Task item: Pictures appear among the records below and must be omitted. Repeat exactly the lines from the line with "Name the crop and the leaf's condition." to the line with "What crop is", both included.
[Provided information]
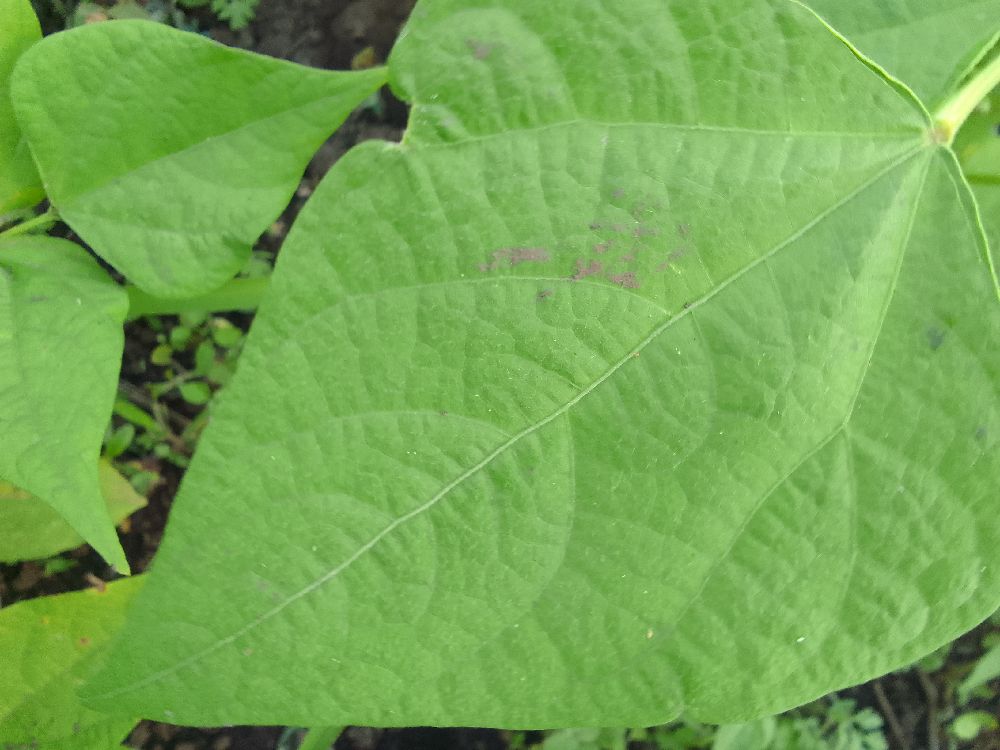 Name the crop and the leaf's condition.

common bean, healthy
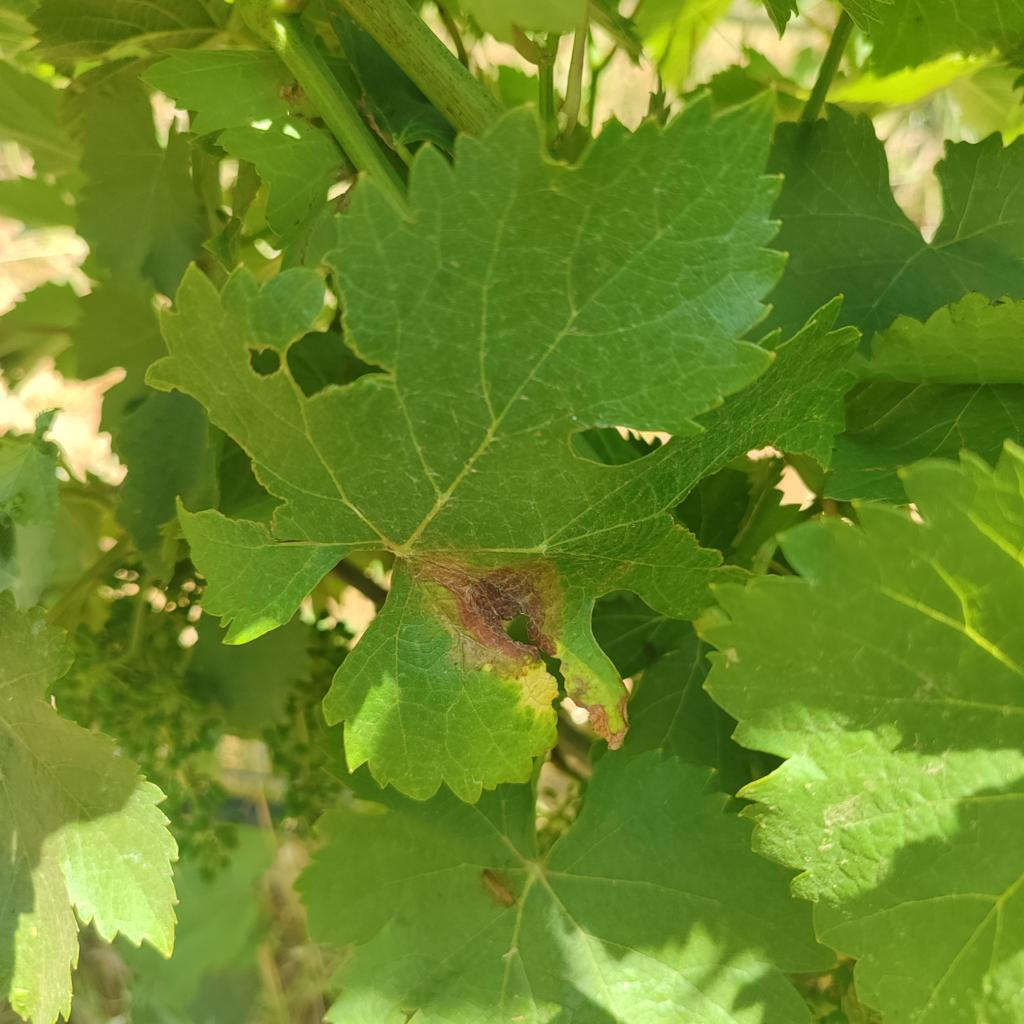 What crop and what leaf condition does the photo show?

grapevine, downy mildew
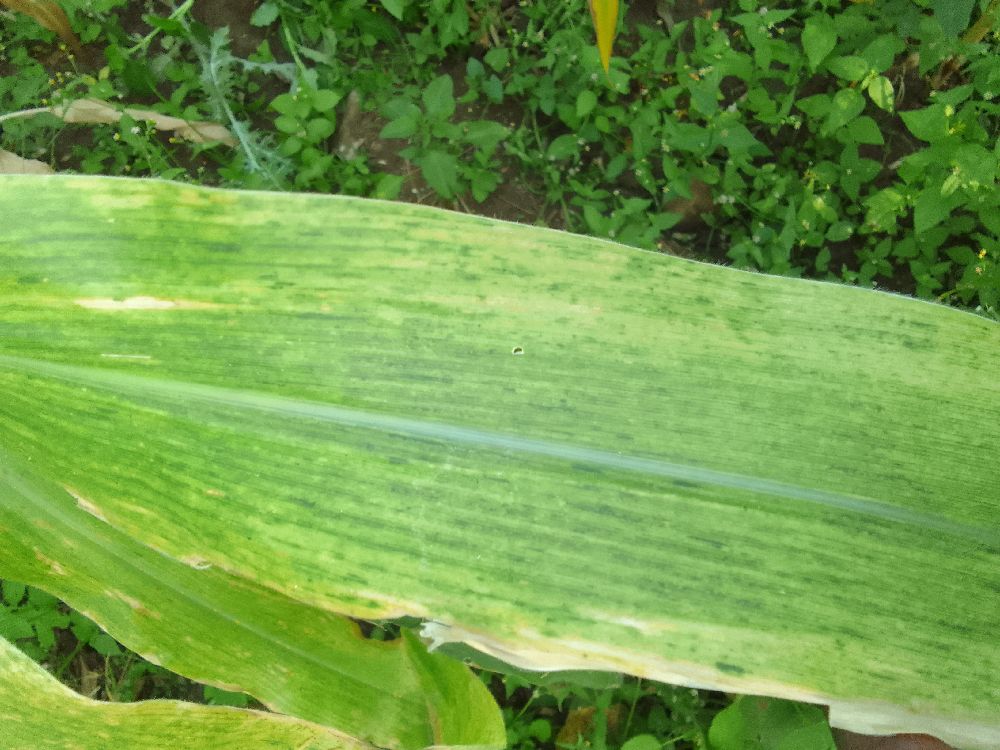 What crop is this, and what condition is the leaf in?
[/Provided information]
[Provided information]
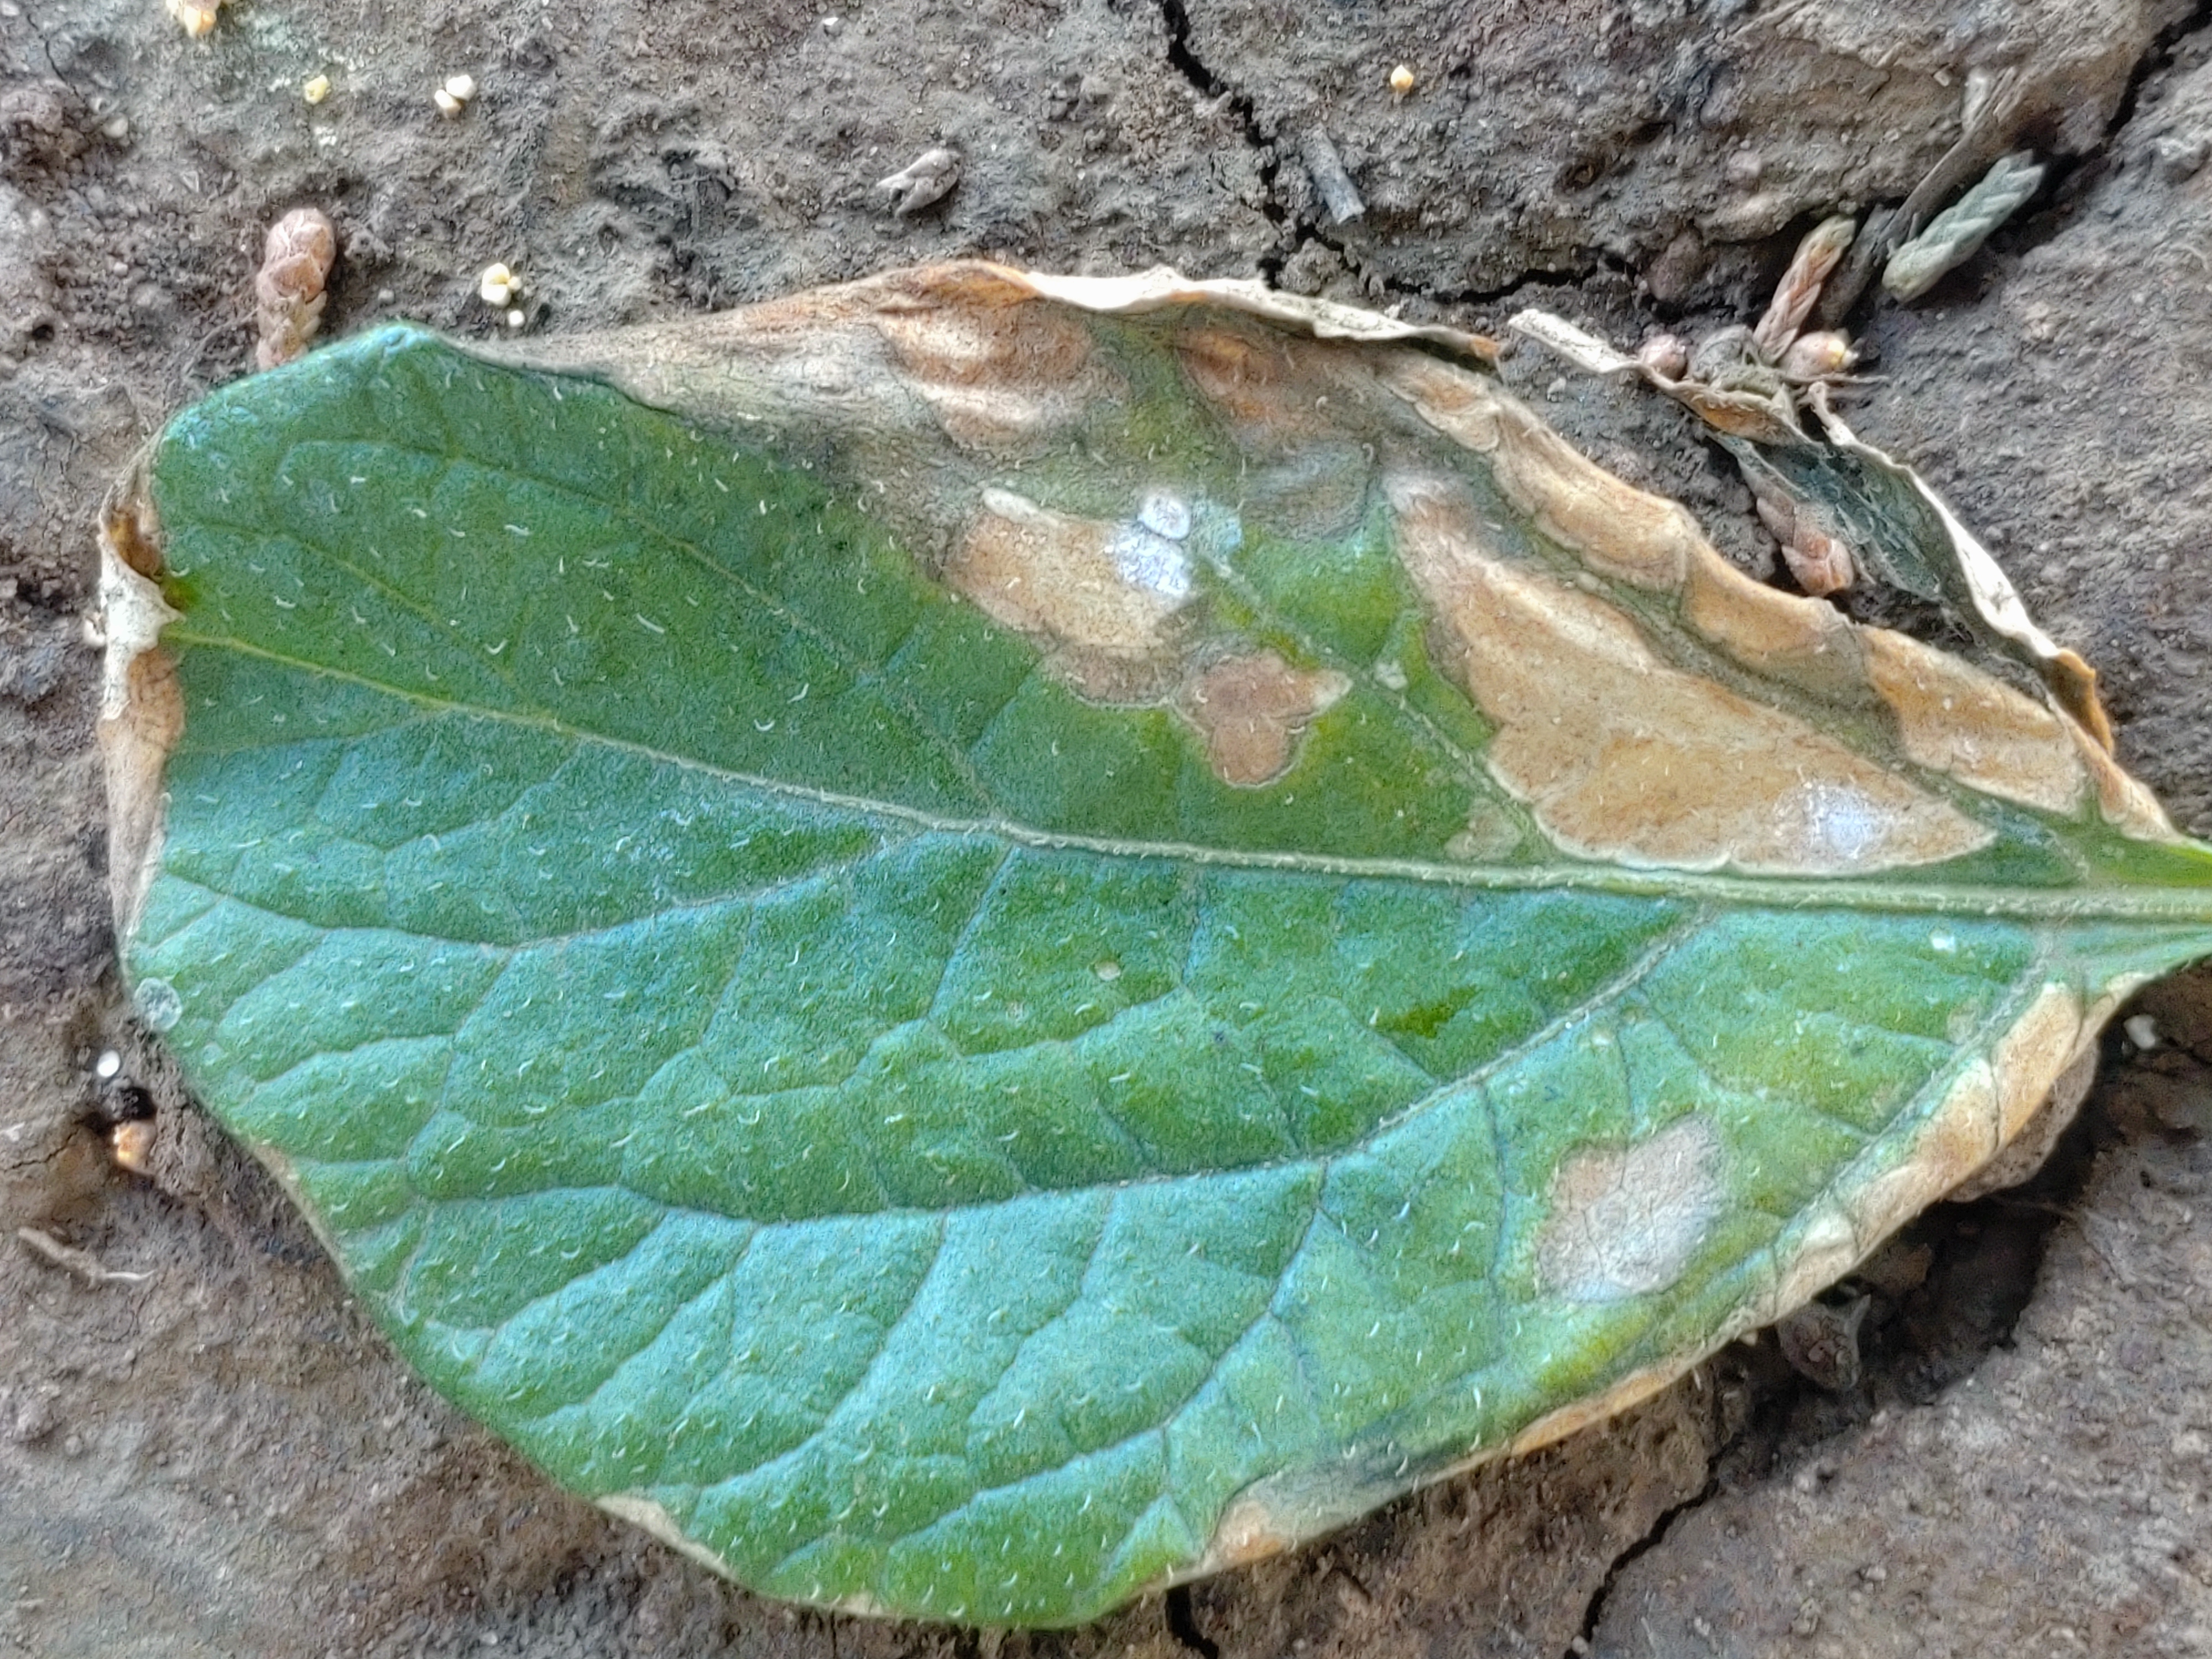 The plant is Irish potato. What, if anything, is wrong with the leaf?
[/Provided information]
Result of the exercise:
 Name the crop and the leaf's condition.

common bean, healthy
 What crop and what leaf condition does the photo show?

grapevine, downy mildew
 What crop is this, and what condition is the leaf in?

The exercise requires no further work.